Hi guys,
Thanks for the responses.
I believe the best approach would be if you could somehow coordinate and try to REPEAT the same test cases/parameters, but with your own test conditions/environment
So imagine Jupiter wants to perform a certain test.
He should specify the parameters in the Test Plan sheet (NN ID to be tested, Time Controls, ...), and inserts his results in the table next to it.
Then Blakely checks the test Jupiter performed, and repeats the same test conditions but under his own environment (CPU, GPU...)

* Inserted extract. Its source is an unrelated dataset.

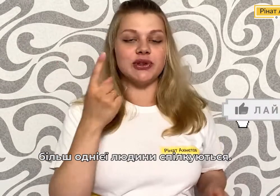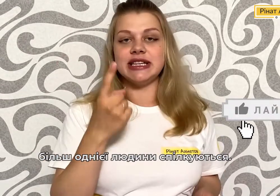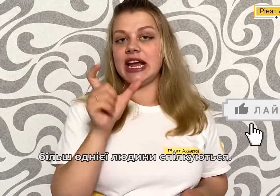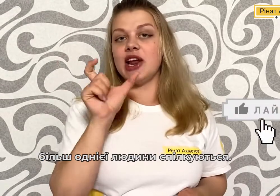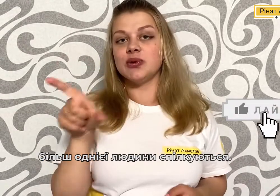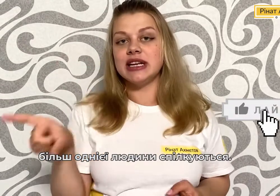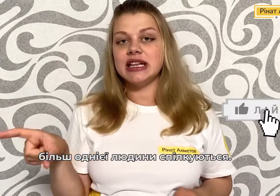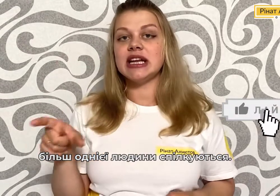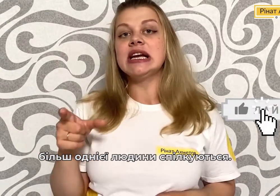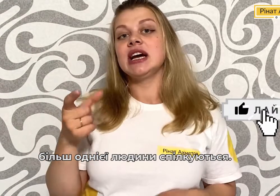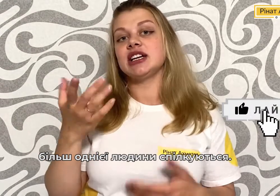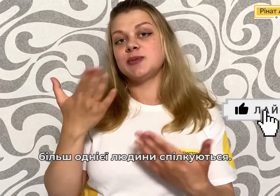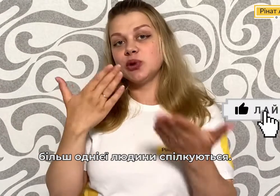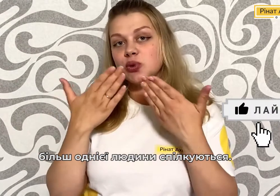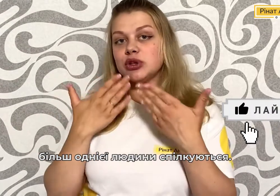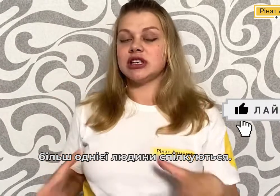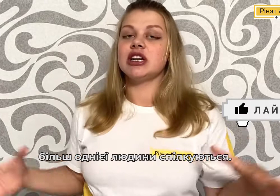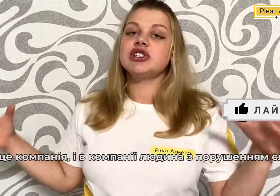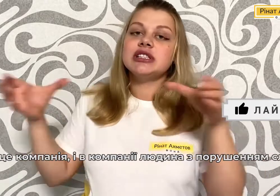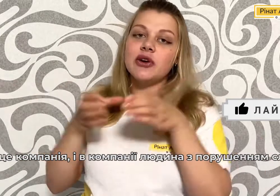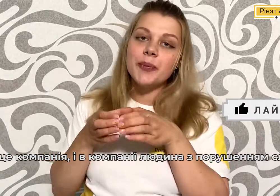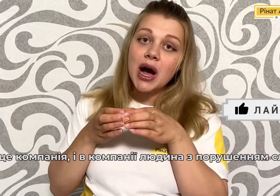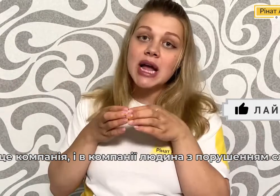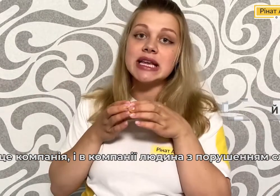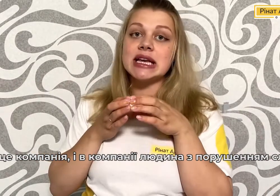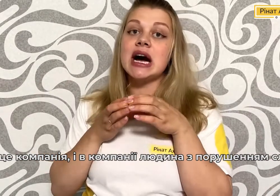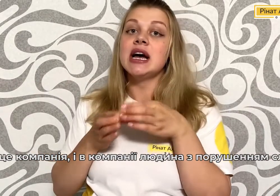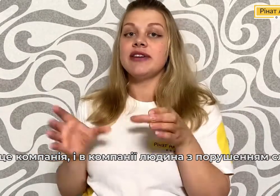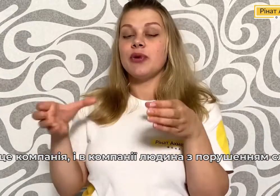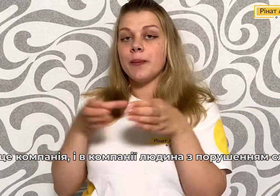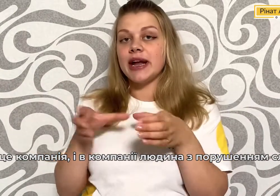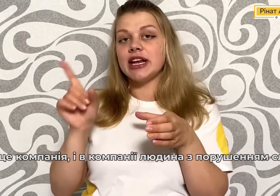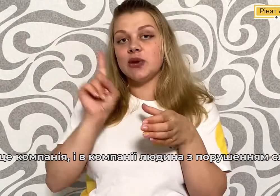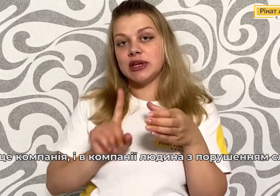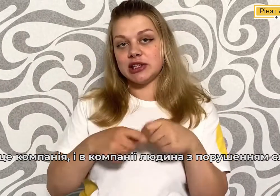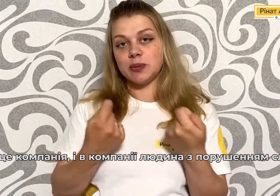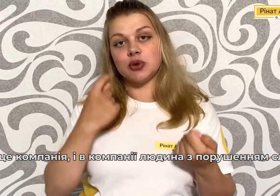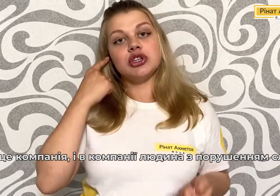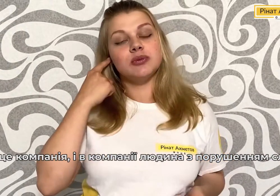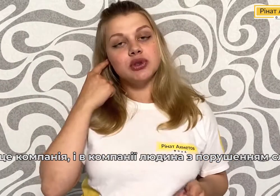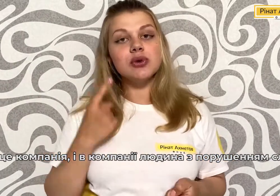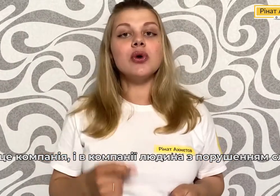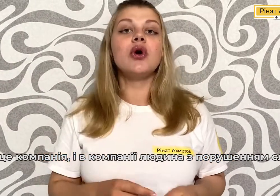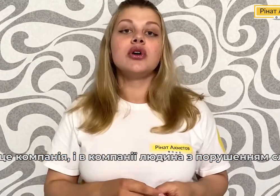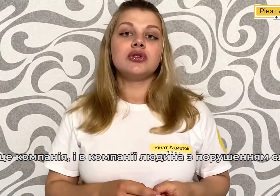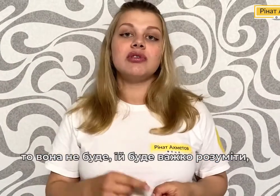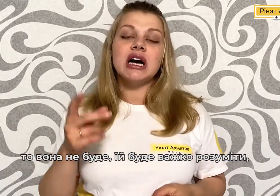однієї людини спілкуються Якщо це компанія і в компанії людина з порушенням слуху, то вона

Later on, whenever Blakely for example, wants to test a new NN with some other parameters, Jupiter can again repeat that same test, and we will be able to MEASURE, to COMPARE how the NN is really evolving, as we have different references producing results under same specifications.
This way we will avoid the SMOKE tests (not very meaningful tests) many people are making, which hardly provide any statistical evidence of where we are (we need to set test runs with the same number of samples, i set a fixed number of 50 games) as they are not only not enough in terms of number of samples, but also, we cannot compare against other people's environment.
I hope you all understand that it is not only important to get all the data collected in the same document (so that it is easier to find and validate), but also to actually have a TEST PLAN, so that people willing to contribute with testing, can actually select a certain test case that you design, and others can compare against their hardware.
I know you are all busy and are doing this just to help the project, but if we want to provide some more meaningful data, it would be great if you could make the little effor to check what your other tester budies have done, and simply try to repeat it.
Thanks for the effort!